Medical Device Networks Trouble Industry

Over the past few years, medical device networking has become increasingly problematic. There is a growing perception of declining service levels and network reliability. (I’ve not seen or heard about any quantitative data to back this up – let me know if you’ve got any – but these are substantive issues.) As medical devices, by way of connectivity and workflow automation, have been pulled into the sphere of the IT department risks to patient safety have increased.

These growing problems are a key factor in the creation of IEC 8001 – which will have a major impact on how hospital’s deploy and manage networked medical devices. The current situation provides a lot of the impetus behind a meeting this week at Villanova on wireless technology in health care. So what’s the big deal?

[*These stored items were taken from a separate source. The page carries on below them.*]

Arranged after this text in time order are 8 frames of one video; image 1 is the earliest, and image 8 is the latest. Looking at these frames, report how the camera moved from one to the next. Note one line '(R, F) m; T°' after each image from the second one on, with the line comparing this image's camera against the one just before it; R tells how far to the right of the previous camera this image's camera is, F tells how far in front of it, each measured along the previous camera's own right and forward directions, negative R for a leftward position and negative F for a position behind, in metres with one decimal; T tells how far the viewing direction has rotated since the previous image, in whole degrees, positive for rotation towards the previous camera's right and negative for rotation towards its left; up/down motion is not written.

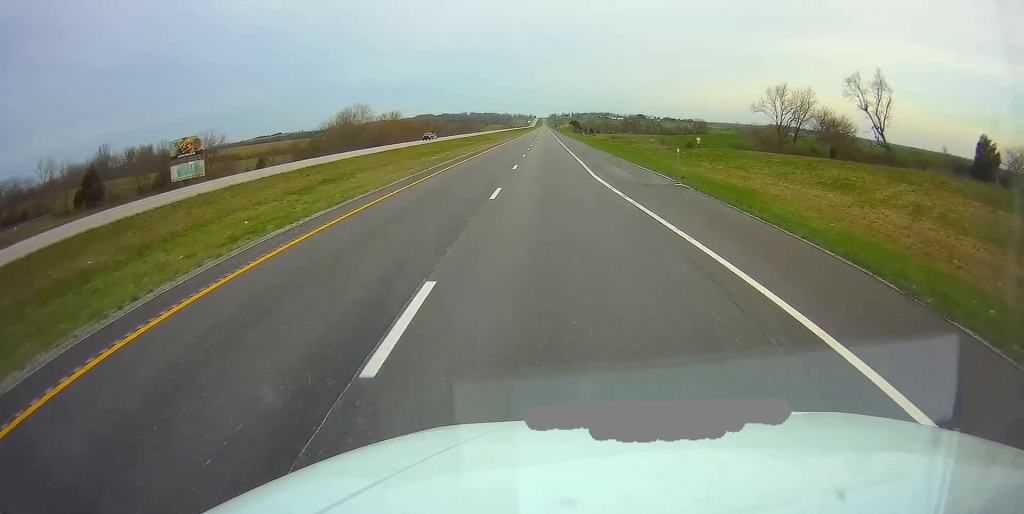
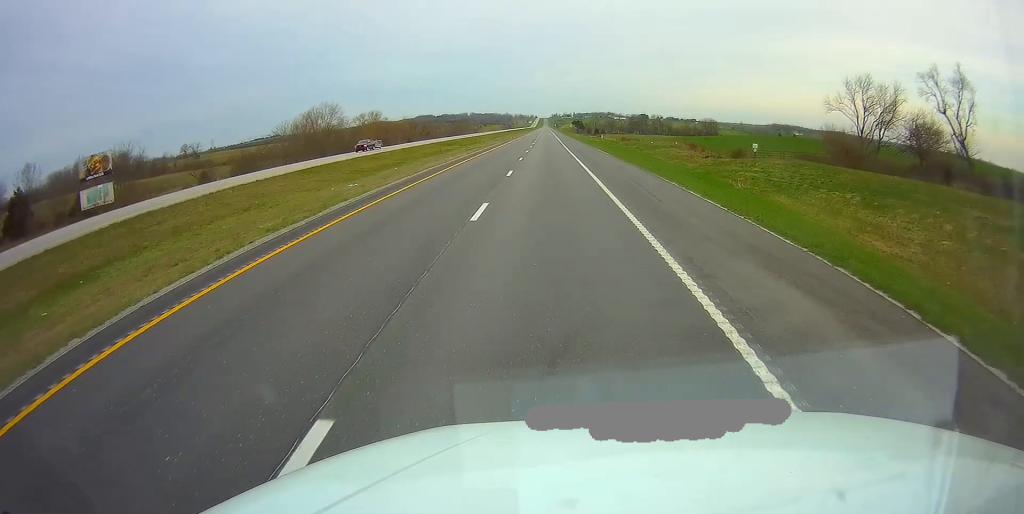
(+0.1, +28.0) m; 0°
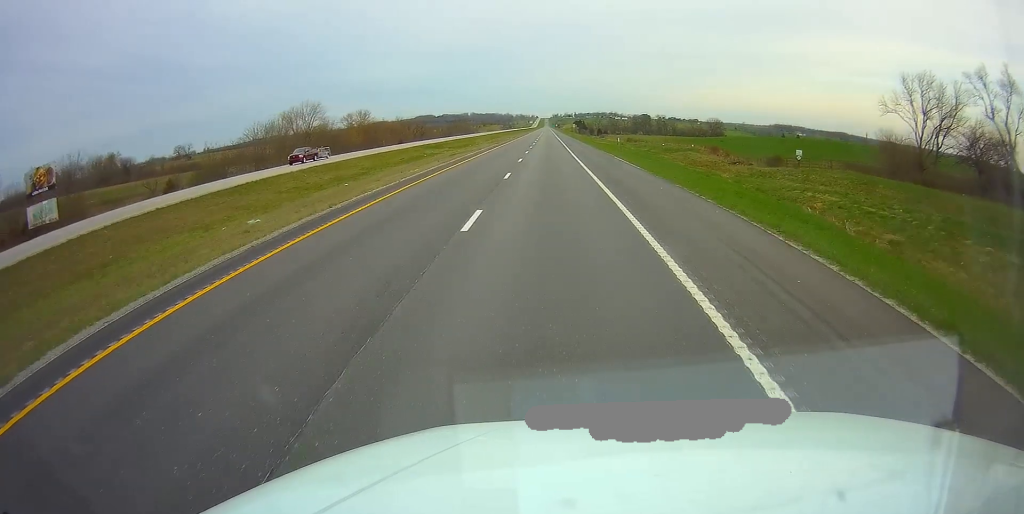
(-0.1, +13.5) m; 0°
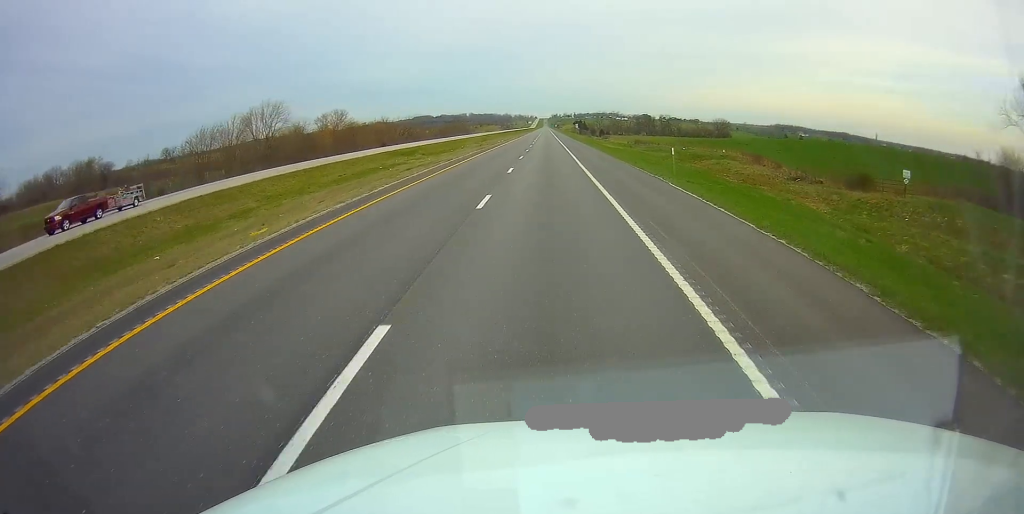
(0.0, +20.8) m; 0°
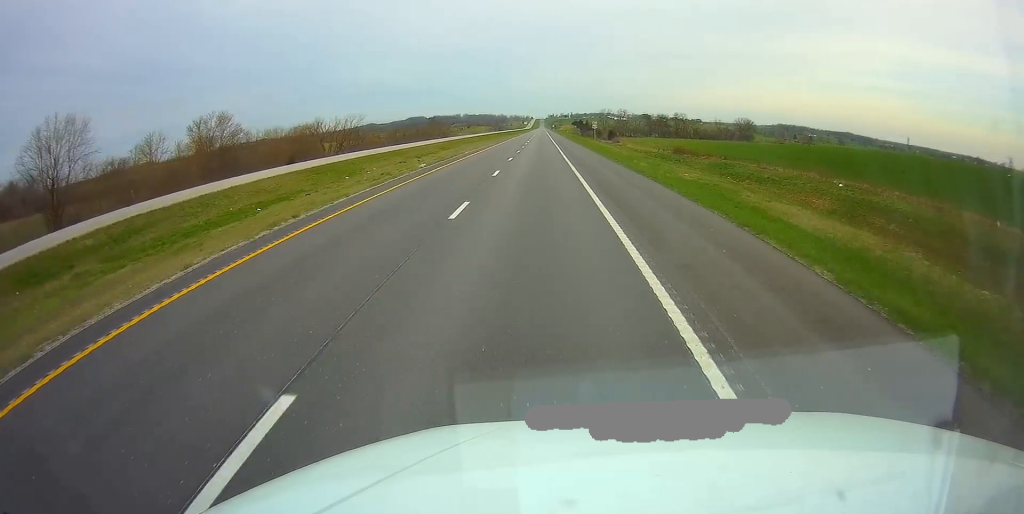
(+0.3, +62.2) m; 0°
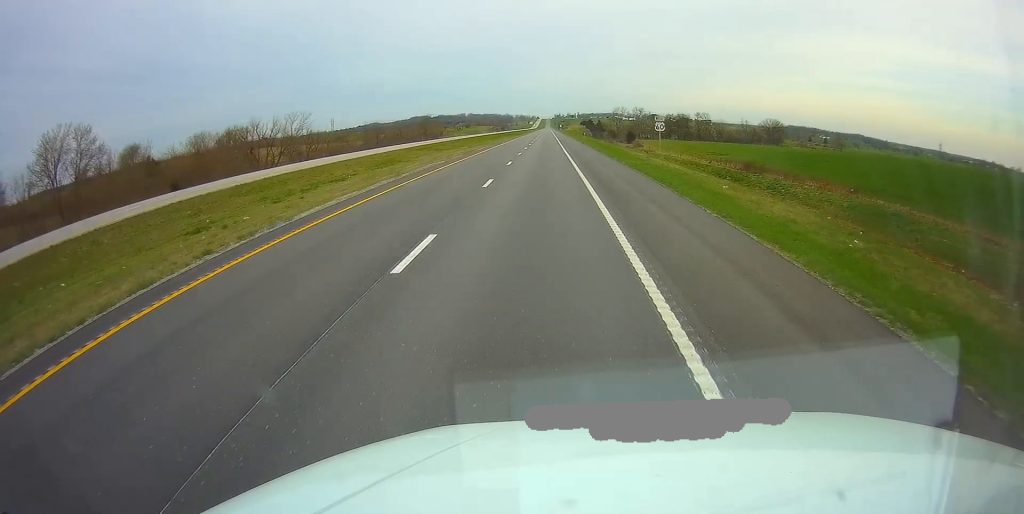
(-0.2, +41.3) m; 0°
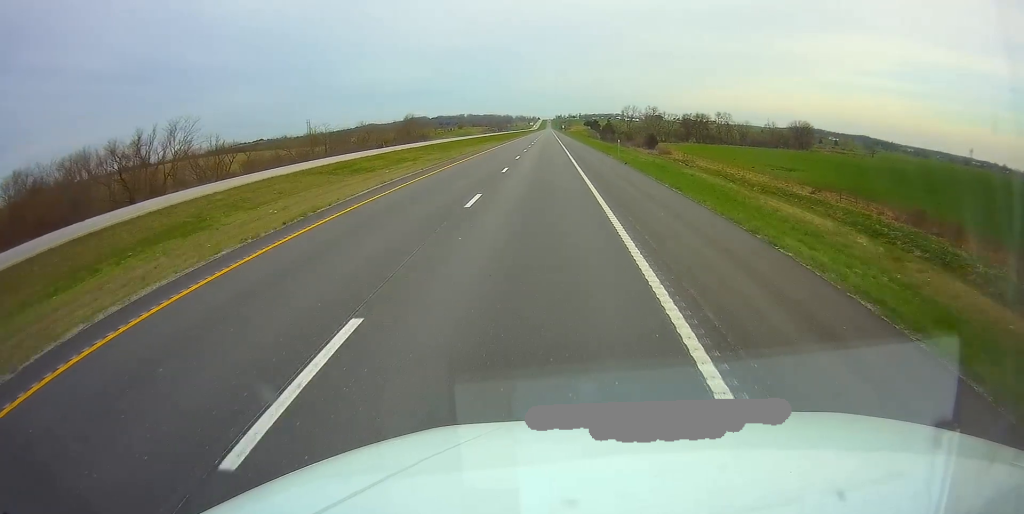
(-0.1, +41.2) m; 0°
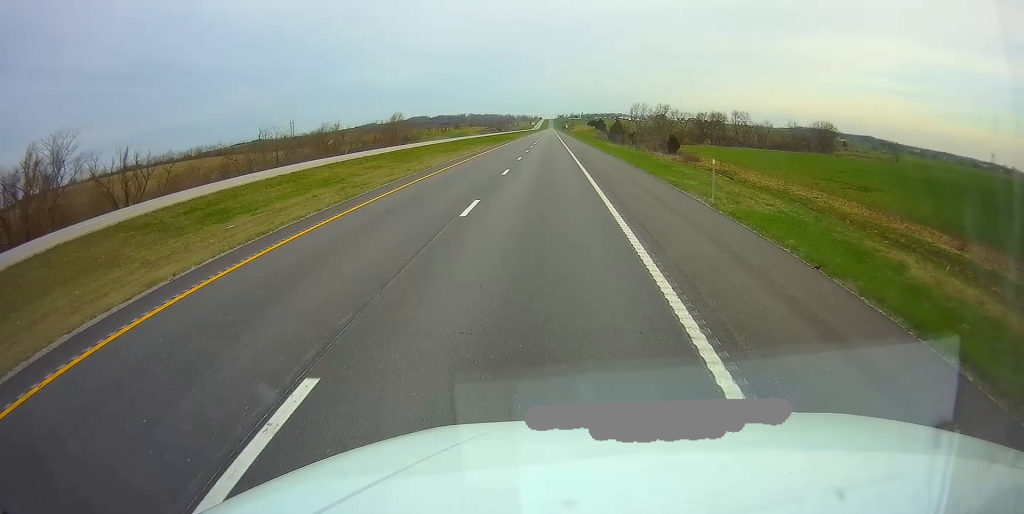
(0.0, +25.8) m; 0°

Private Medical Device Networks

In the good old days, all medical device systems operated on private networks that were designed, installed and supported by the medical device vendor. Vendors decided exactly how the would handle IP addressing (static or DHCP) and every other configuration option. This minimized vendor’s product development costs, shortened time to market, and made service and support easy (because the network was their sandbox). When they got the inevitable calls from customers that, “your system just brought down our network,” vendors could quickly and easily determine if that was the case – and just as importantly, quickly prove to hospital network administrators why their answer was correct.

Providers benefited from this approach in a number of ways. First, vendor system support was quick, efficient and reasonably priced. This approach also relieved hospitals of the need to assume responsibility for supporting life critical applications themselves.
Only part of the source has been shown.